## Exercise directions:
Set down every record below exactly as it stands, minus the pictures.

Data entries
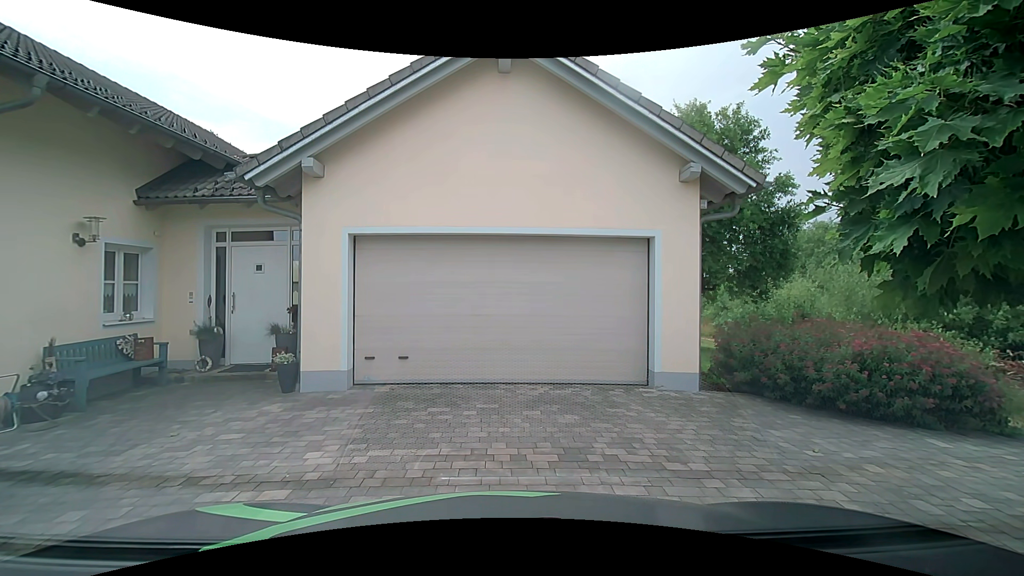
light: Day
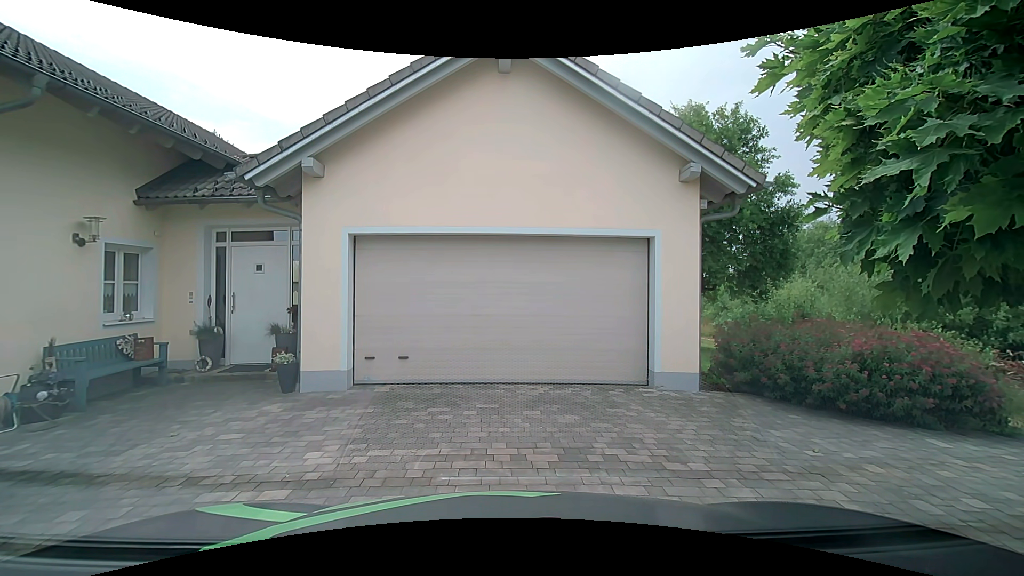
(0.0, 0.0) m; 0°
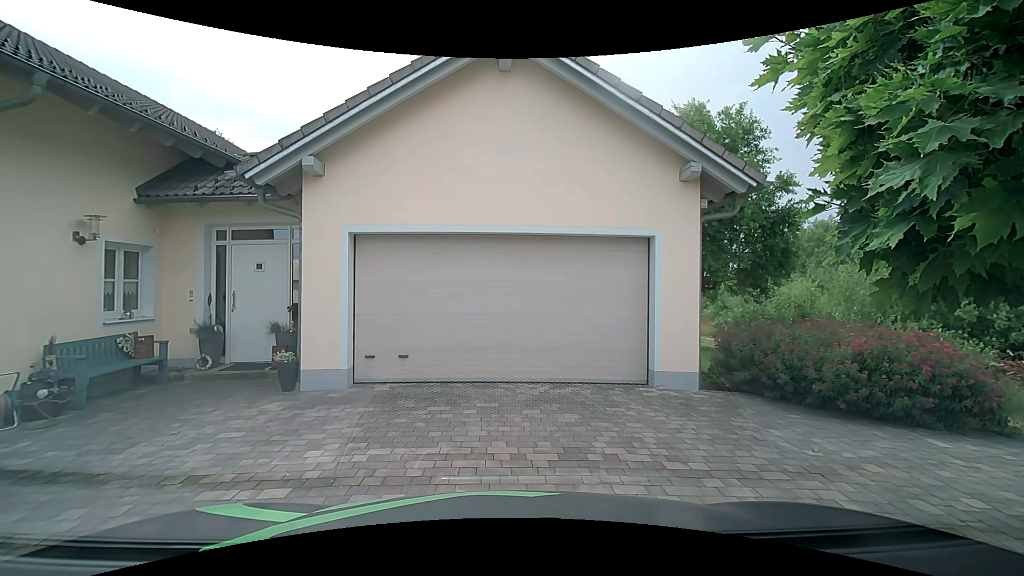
(0.0, 0.0) m; 0°
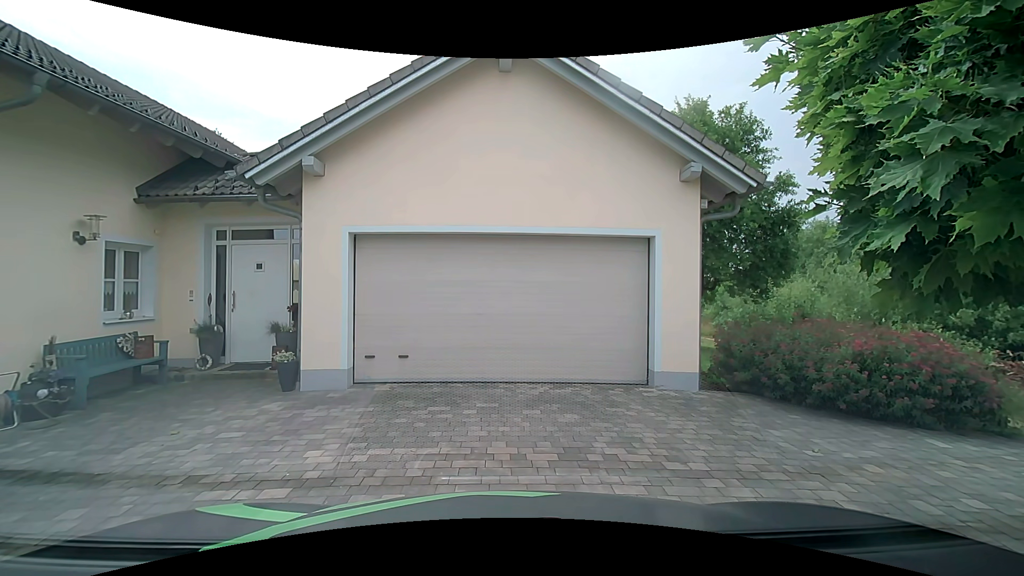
(0.0, +0.1) m; 0°
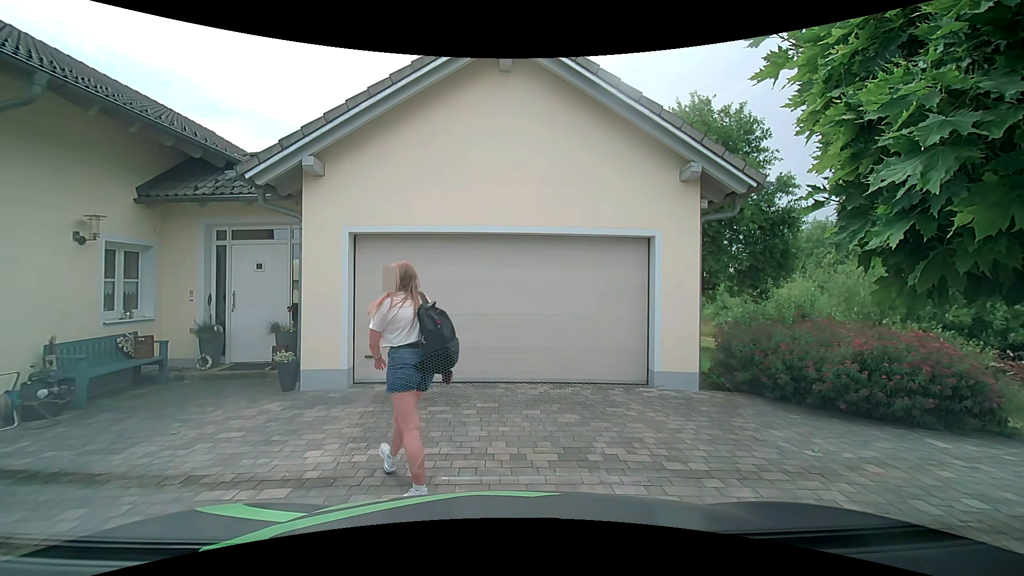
(0.0, 0.0) m; 0°
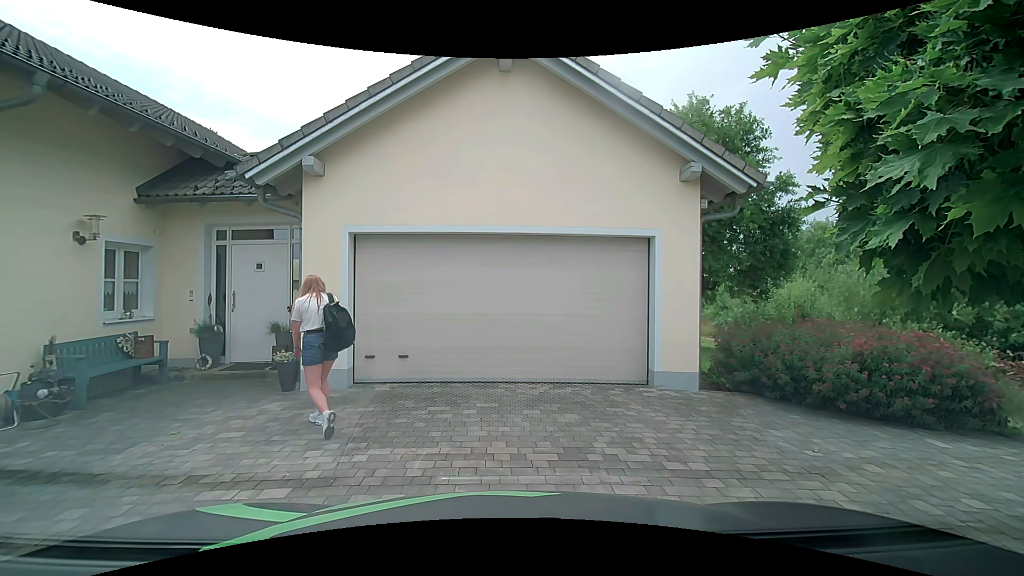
(0.0, 0.0) m; 0°
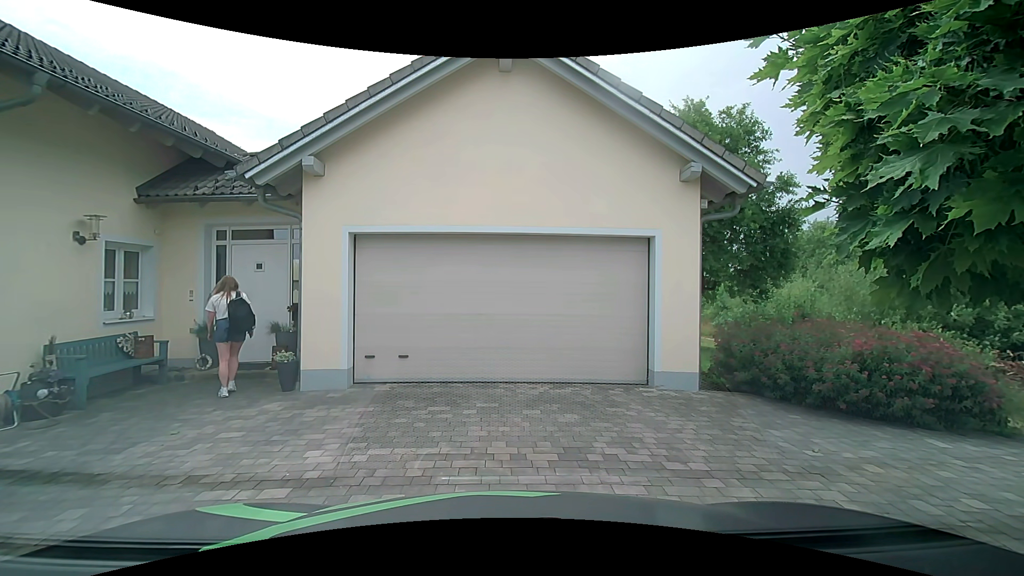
(0.0, 0.0) m; 0°

## Result below:
light: Day
(0.0, 0.0) m; 0°
(0.0, 0.0) m; 0°
(0.0, +0.1) m; 0°
(0.0, 0.0) m; 0°
(0.0, 0.0) m; 0°
(0.0, 0.0) m; 0°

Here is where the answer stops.